FILE - French President Francois Hollande delivers a speech after a high-level security meeting at the Elysee Palace in Paris, June 26, 2015.

FILE - French President Francois Hollande delivers a speech after a high-level security meeting at the Elysee Palace in Paris, June 26, 2015.

French President Francois Hollande, who has long pledged only run for a second term in office if unemployment was falling, has upped the stakes by saying that fall would have to be sustained throughout the year before the May 2017 vote.

The comments to reporters late on Monday came hours after data showed French jobless claims rose to a new record in June, with 3.55 million registered as out of work, from 2.89 million the month before he was elected in May 2012.

At his annual dinner with the French presidential press association, Hollande said unemployment would have to fall from the start of 2016 onwards and growth would have to pick up well before the May 2017 election for him to stand.

"I hope the unemployment charts turn down by 2017, and well before that date so as to be credible," he said. "Unemployment would need to fall throughout 2016 to make a choice regarding a possible presidential campaign."

But in reference to uncertainties still hovering over the economy of the eurozone, whose leaders earlier this month narrowly averted an exit of near-bankrupt Greece, he added: "There are so many uncertainties that this is necessarily a bet, a risk, which I am taking on."

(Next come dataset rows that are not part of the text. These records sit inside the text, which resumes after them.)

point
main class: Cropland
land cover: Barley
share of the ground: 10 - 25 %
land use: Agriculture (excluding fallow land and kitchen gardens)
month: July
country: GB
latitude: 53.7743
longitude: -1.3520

The most unpopular president since the start of France's Fifth Republic in 1958, Hollande has ruled out a change of government policy to restore French companies' competitiveness, as demanded by the left wing of his Socialist Party.

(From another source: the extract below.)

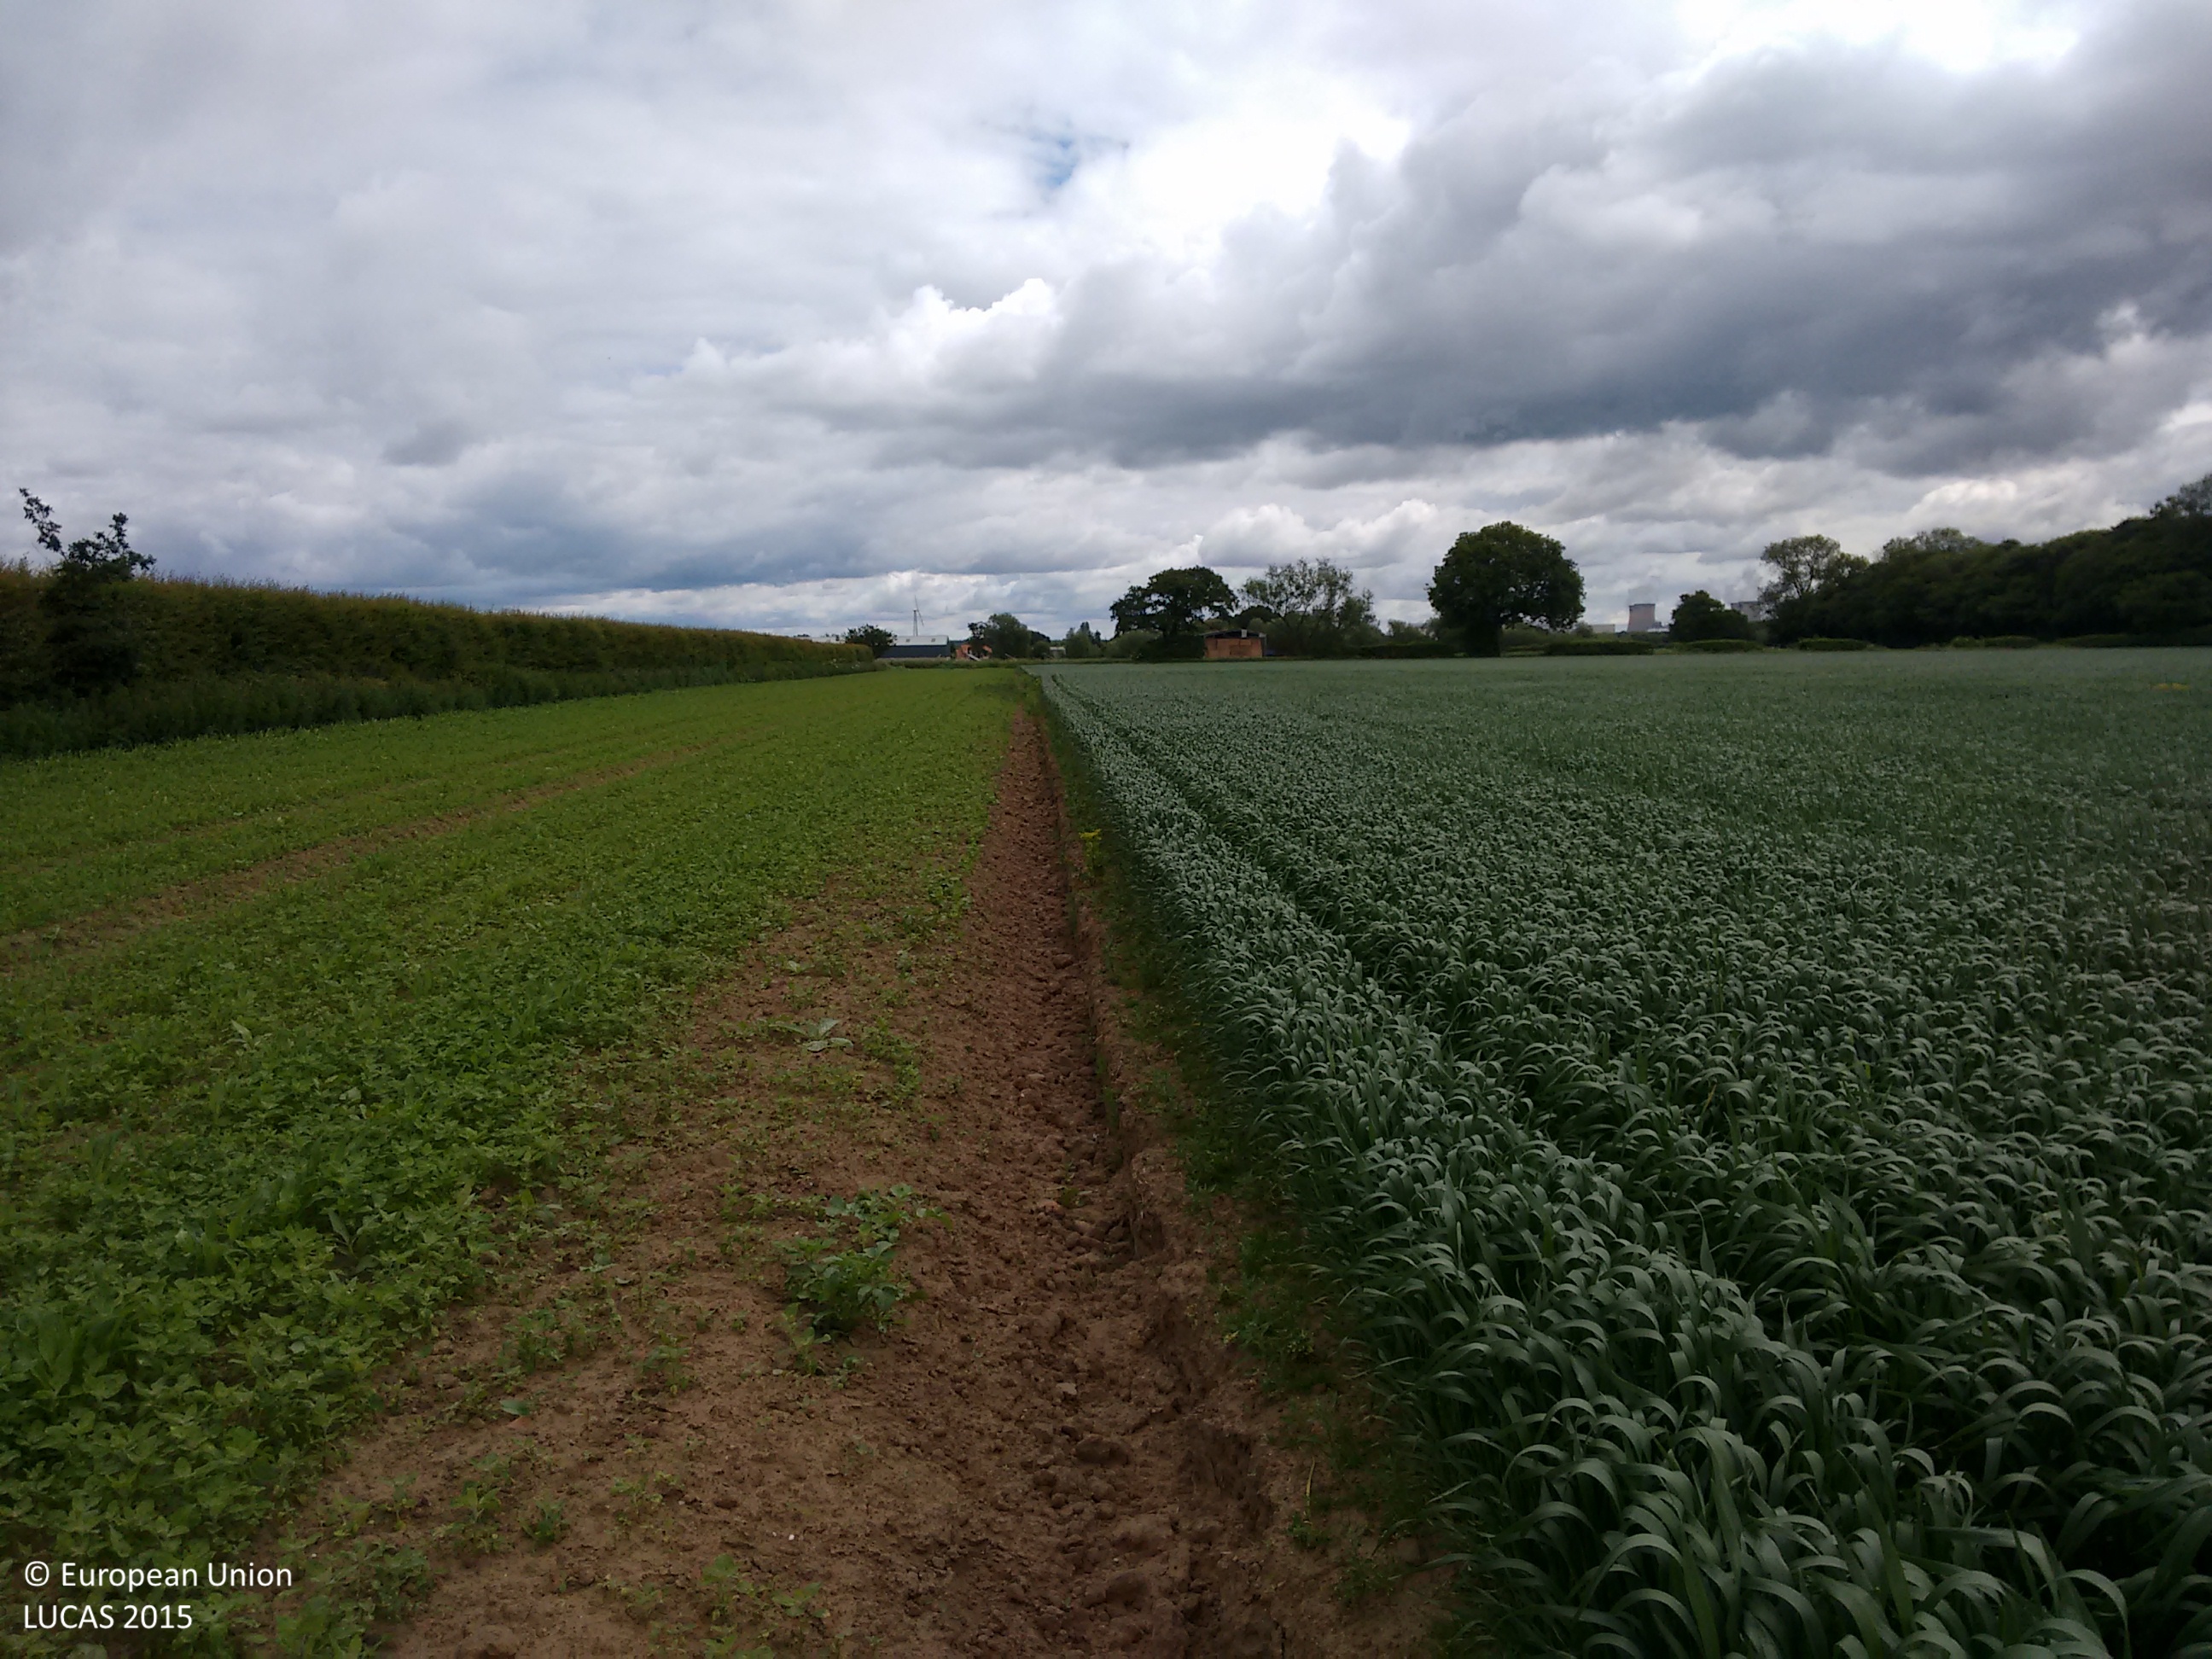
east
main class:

The Socialist Party will choose its candidate next year and Hollande, as the incumbent president, would normally have first refusal of their ticket. Manuel Valls, his reformist prime minister, is seen by some as a possible future president but could struggle to win support from the traditional left.

In an outlook update published on June 18, the national statistics office INSEE said France's economy would expand fast enough in the second half of the year to halt the rise in unemployment, which stands at around 10 percent.

In the eurozone's top economy, Germany, by contrast, the unemployment total fell for the ninth month in a row in June, with the jobless rate holding steady at a record low of 6.4 percent.

Henri Guaino, a leading opposition conservative and former adviser to ex-president Nicolas Sarkozy - who is likely to stand himself in 2017 - criticized Hollande's comments.

"This is a gamble which is not worthy of a statesman," he told BFMTV.